◆ How to complete this task: From the line containing "#430 = AXIS2_PLACEMENT_3D" down to the line containing "#876 = ORIENTED_EDGE" in the records below, reproduce every line exactly, ends included, and omit all others.

◆ Data for review:
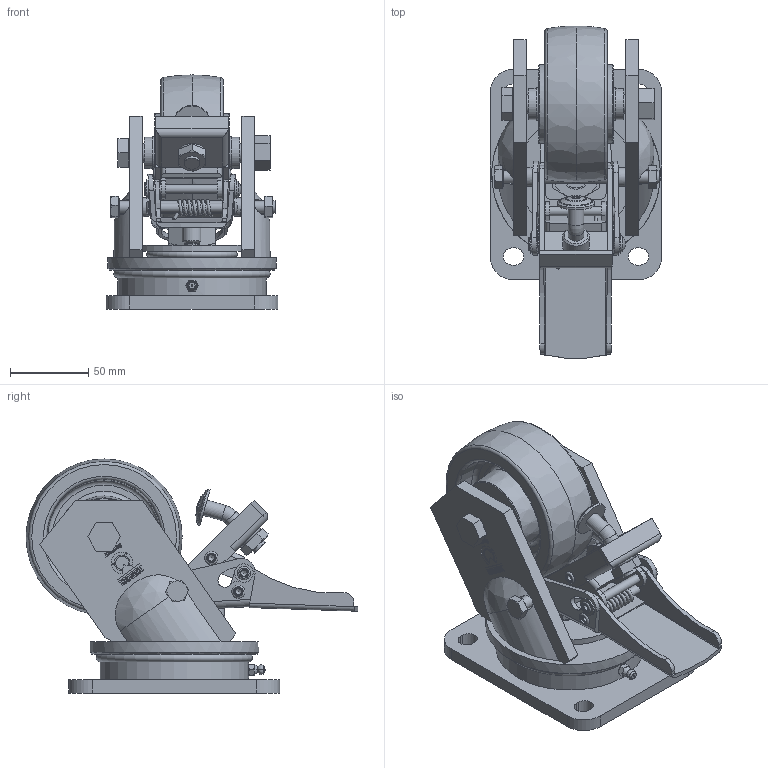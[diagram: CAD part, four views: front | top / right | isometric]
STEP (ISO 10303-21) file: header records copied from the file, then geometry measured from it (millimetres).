
FILE_DESCRIPTION(/* description */ (''),/* implementation_level */ '2;1');
FILE_NAME(/* name */ '0019292K_LP_PO_100_KDS',/* time_stamp */ '2010-12-14T09:53:01+01:00',/* author */ (''),/* organization */ (''),/* preprocessor_version */ 'ST-DEVELOPER v9',/* originating_system */ 'UGS - NX 4.0',/* authorisation */ '');
FILE_SCHEMA (('CONFIG_CONTROL_DESIGN'));
Length unit declared in the file: millimetre
Products named in the file (1): 0019292K_LP_PO_100_KDS
Bounding box: 110 x 212.59 x 150 mm (x, y, z)
Volume: 772037.4 mm3; surface area: 207135 mm2
Topology: 6 solids, 12 shells, 1031 faces, 2733 edges, 1791 vertices
Faces by surface type: plane 531, extrusion 202, cylinder 185, cone 51, torus 40, bspline 17, sphere 5
Full cylindrical faces by diameter (mm): 2 x2, 4 x3, 5.8 x4, 6 x14, 6.3 x2, 8 x4, 8.2 x2, 8.4 x2, 8.5 x5, 9 x1, 9.8 x1, 10 x6, 11.6 x1, 11.8 x2, 12 x5, 12.2 x2, 15 x3, 15.5 x2, 16.63 x1, 17 x1, 17.294 x2, 19.794 x1, 20 x2, 20.542 x4, 21 x2, 23.6 x1, 25 x1, 26.458 x4, 28 x1, 75 x1
Entity records: 35284 total; most frequent: CARTESIAN_POINT 12133, ORIENTED_EDGE 4996, DIRECTION 3872, EDGE_CURVE 2498, VERTEX_POINT 1709, EDGE_LOOP 1335, AXIS2_PLACEMENT_3D 1333, VECTOR 1206
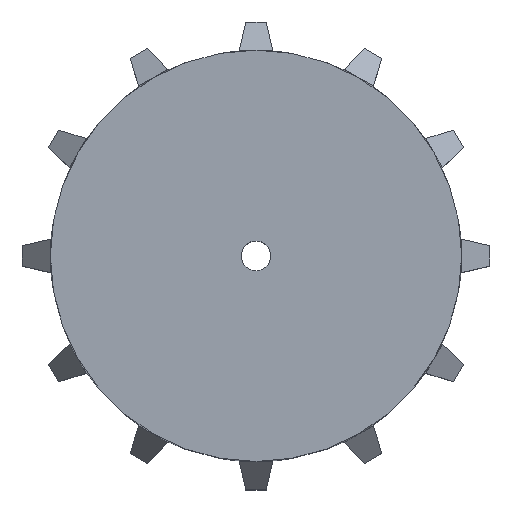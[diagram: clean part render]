
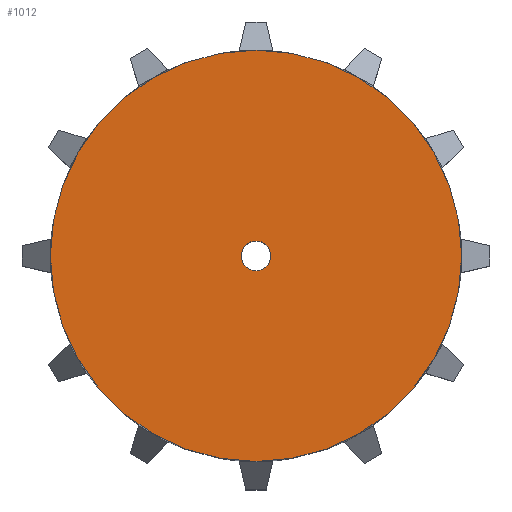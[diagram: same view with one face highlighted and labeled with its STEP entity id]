
A CAD part, top view. The second image highlights one B-rep face of the part: STEP entity #1012.
In plain terms, the highlighted planar face has unit normal (0, 0, 1).
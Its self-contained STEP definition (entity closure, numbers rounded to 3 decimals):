
#134 = DIRECTION ( 'NONE',  ( 0., 0., 1. ) ) ;
#319 = EDGE_LOOP ( 'NONE', ( #3203, #399 ) ) ;
#378 = VERTEX_POINT ( 'NONE', #2433 ) ;
#399 = ORIENTED_EDGE ( 'NONE', *, *, #2093, .F. ) ;
#402 = DIRECTION ( 'NONE',  ( 0., 0., 1. ) ) ;
#430 = AXIS2_PLACEMENT_3D ( 'NONE', #2485, #1756, #1722 ) ;
#584 = CARTESIAN_POINT ( 'NONE',  ( 100., 13.956, 16. ) ) ;
#810 = CIRCLE ( 'NONE', #430, 1.15 ) ;
#876 = ORIENTED_EDGE ( 'NONE', *, *, #2617, .T. ) ;
#960 = FACE_OUTER_BOUND ( 'NONE', #1836, .T. ) ;
#1012 = ADVANCED_FACE ( 'NONE', ( #2724, #960 ), #3001, .T. ) ;
#1136 = CARTESIAN_POINT ( 'NONE',  ( 100., 13.956, 16. ) ) ;
#1237 = CIRCLE ( 'NONE', #1620, 16. ) ;
#1262 = CARTESIAN_POINT ( 'NONE',  ( 101.15, 13.956, 16. ) ) ;
#1403 = DIRECTION ( 'NONE',  ( 1., 0., 0. ) ) ;
#1455 = CARTESIAN_POINT ( 'NONE',  ( 100., 13.956, 16. ) ) ;
#1576 = CARTESIAN_POINT ( 'NONE',  ( 116., 13.956, 16. ) ) ;
#1620 = AXIS2_PLACEMENT_3D ( 'NONE', #584, #3370, #3174 ) ;
#1695 = DIRECTION ( 'NONE',  ( 1., 0., 0. ) ) ;
#1722 = DIRECTION ( 'NONE',  ( 1., 0., 0. ) ) ;
#1756 = DIRECTION ( 'NONE',  ( 0., 0., 1. ) ) ;
#1786 = EDGE_CURVE ( 'NONE', #378, #2650, #810, .T. ) ;
#1836 = EDGE_LOOP ( 'NONE', ( #2881, #876 ) ) ;
#2004 = DIRECTION ( 'NONE',  ( 1., 0., 0. ) ) ;
#2041 = AXIS2_PLACEMENT_3D ( 'NONE', #1136, #2194, #1403 ) ;
#2093 = EDGE_CURVE ( 'NONE', #2650, #378, #2592, .T. ) ;
#2152 = AXIS2_PLACEMENT_3D ( 'NONE', #1455, #402, #1695 ) ;
#2194 = DIRECTION ( 'NONE',  ( 0., 0., 1. ) ) ;
#2333 = VERTEX_POINT ( 'NONE', #1576 ) ;
#2336 = VERTEX_POINT ( 'NONE', #3148 ) ;
#2433 = CARTESIAN_POINT ( 'NONE',  ( 98.85, 13.956, 16. ) ) ;
#2485 = CARTESIAN_POINT ( 'NONE',  ( 100., 13.956, 16. ) ) ;
#2592 = CIRCLE ( 'NONE', #2041, 1.15 ) ;
#2617 = EDGE_CURVE ( 'NONE', #2333, #2336, #3192, .T. ) ;
#2650 = VERTEX_POINT ( 'NONE', #1262 ) ;
#2724 = FACE_BOUND ( 'NONE', #319, .T. ) ;
#2741 = EDGE_CURVE ( 'NONE', #2336, #2333, #1237, .T. ) ;
#2881 = ORIENTED_EDGE ( 'NONE', *, *, #2741, .T. ) ;
#3001 = PLANE ( 'NONE',  #3123 ) ;
#3070 = CARTESIAN_POINT ( 'NONE',  ( 0., 0., 16. ) ) ;
#3123 = AXIS2_PLACEMENT_3D ( 'NONE', #3070, #134, #2004 ) ;
#3148 = CARTESIAN_POINT ( 'NONE',  ( 84., 13.956, 16. ) ) ;
#3174 = DIRECTION ( 'NONE',  ( 1., 0., 0. ) ) ;
#3192 = CIRCLE ( 'NONE', #2152, 16. ) ;
#3203 = ORIENTED_EDGE ( 'NONE', *, *, #1786, .F. ) ;
#3370 = DIRECTION ( 'NONE',  ( 0., 0., 1. ) ) ;

◆ Exercise solution:
#430 = AXIS2_PLACEMENT_3D ( 'NONE', #2485, #1756, #1722 ) ;
#584 = CARTESIAN_POINT ( 'NONE',  ( 100., 13.956, 16. ) ) ;
#810 = CIRCLE ( 'NONE', #430, 1.15 ) ;
#876 = ORIENTED_EDGE ( 'NONE', *, *, #2617, .T. ) ;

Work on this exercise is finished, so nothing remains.